Trading Strategy: Selling Rallies

This strategy is the opposite of buying dips, and applies in a bear market. It involves taking a short position, selling on temporary strength, an upward retracement or consolidation, in an otherwise downtrending market. Here are the steps involved —

  • establish that the market is going down
  • check that the sector is going down
  • make sure that the particular financial security is going down

As with the strategy for buying dips, at this stage you would put the security on a watchlist, following its path downwards. If it was trending strongly downwards, you might consider using the next strategy, selling relative weakness, instead. Otherwise you wait for the downtrend to falter, and to become a minor rally, as follows –

  • wait for a short-term rally in price
  • wait for the short-term rally to end
  • calculate trade size and stoploss
  • enter trade short
  • exit trade if failed or on profit

We would again look at the moving averages or by inspection determine that there was an established downtrend, both in the market as a whole, in the sector, and in the security. The signal that there is a short-term rally would be that the price was higher than previous few sessions, or that the RSI has been overbought for three sessions.

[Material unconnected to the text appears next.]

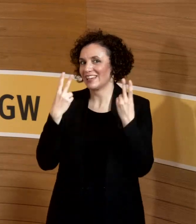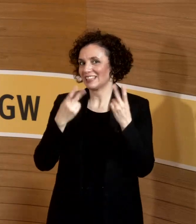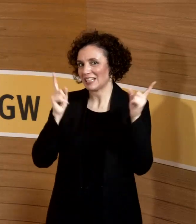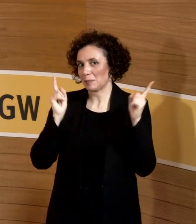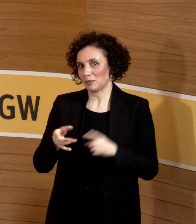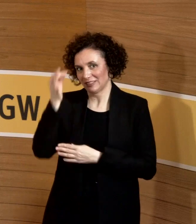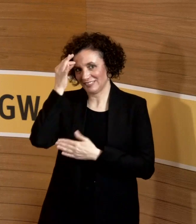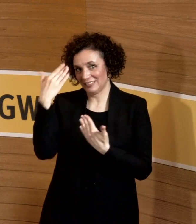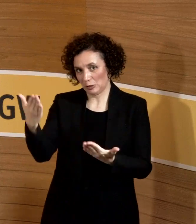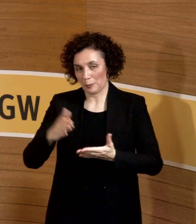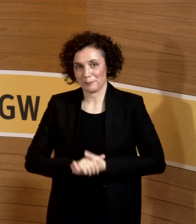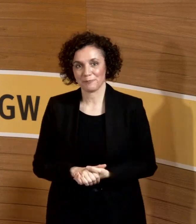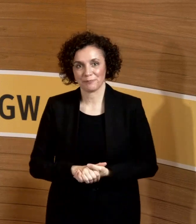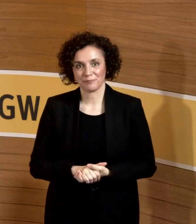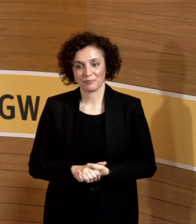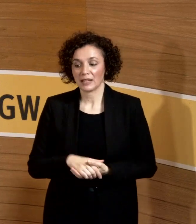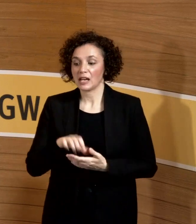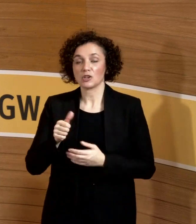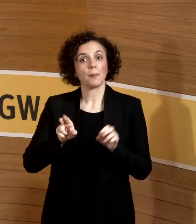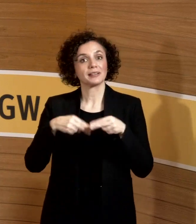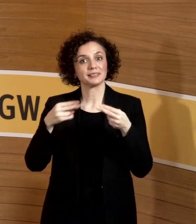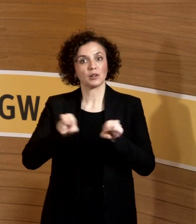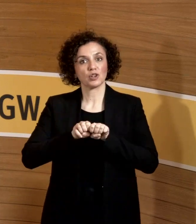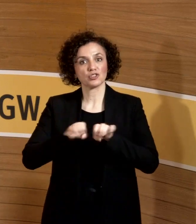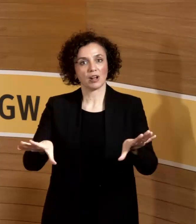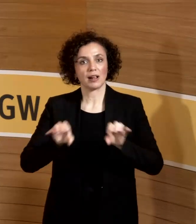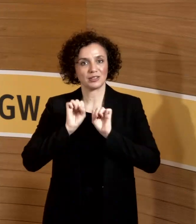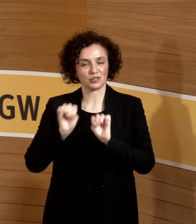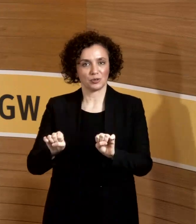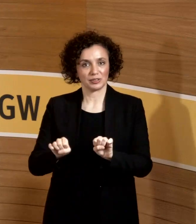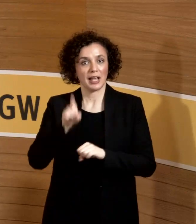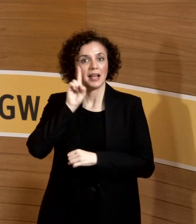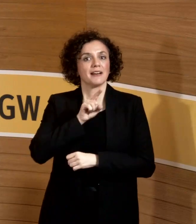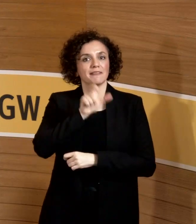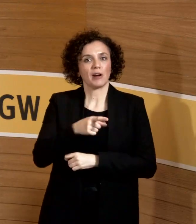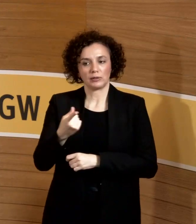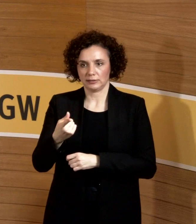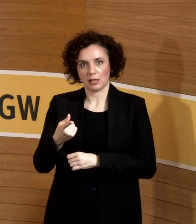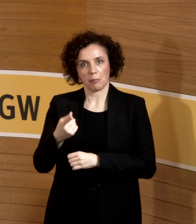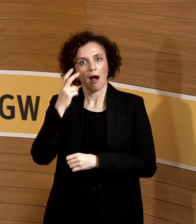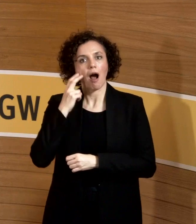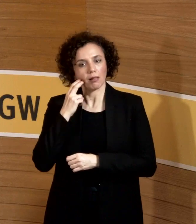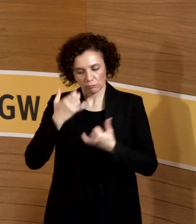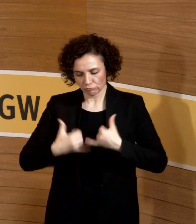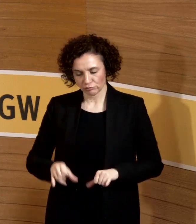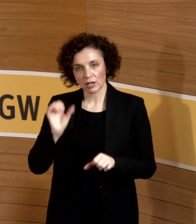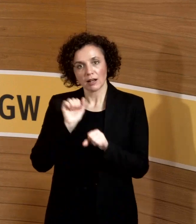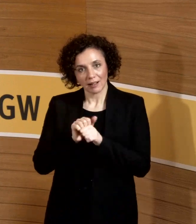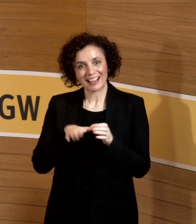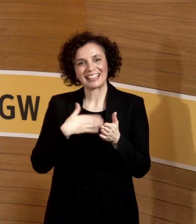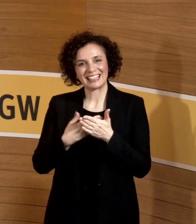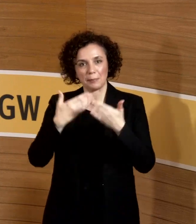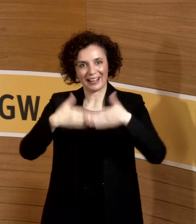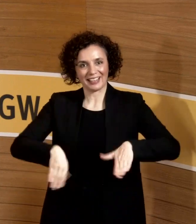Kommen wir zurück zum Strahlenschutz. Also für Frauen im gewährfähigen Alter gibt es Grenzwerte und dann gibt es auch eine Vorgabe für

httpv://www.youtube.com/watch?v=OCnsyicBsVQ

Capital Spreads: Clients Selling Into Strength

As previously, you should make sure that this trade has a favourable risk/reward ratio. Your risk is established from the stoploss position which you have already calculated, and the rewards depends on your view of where the price may go in the short term – either to a previous support level, or to fall by a certain amount, or to a channel line, or to a Bollinger Band. There are many different ways that have been detailed previously in the technical analysis section, and you should try different ones and see which works best with the financial security you’re trading.

The rally can be considered finished when the price falls below the previous lows. The protective stop would be above the previous highs, and the exit would be on a trailing stop or if a moving average turns up, signaling the end of the downtrend.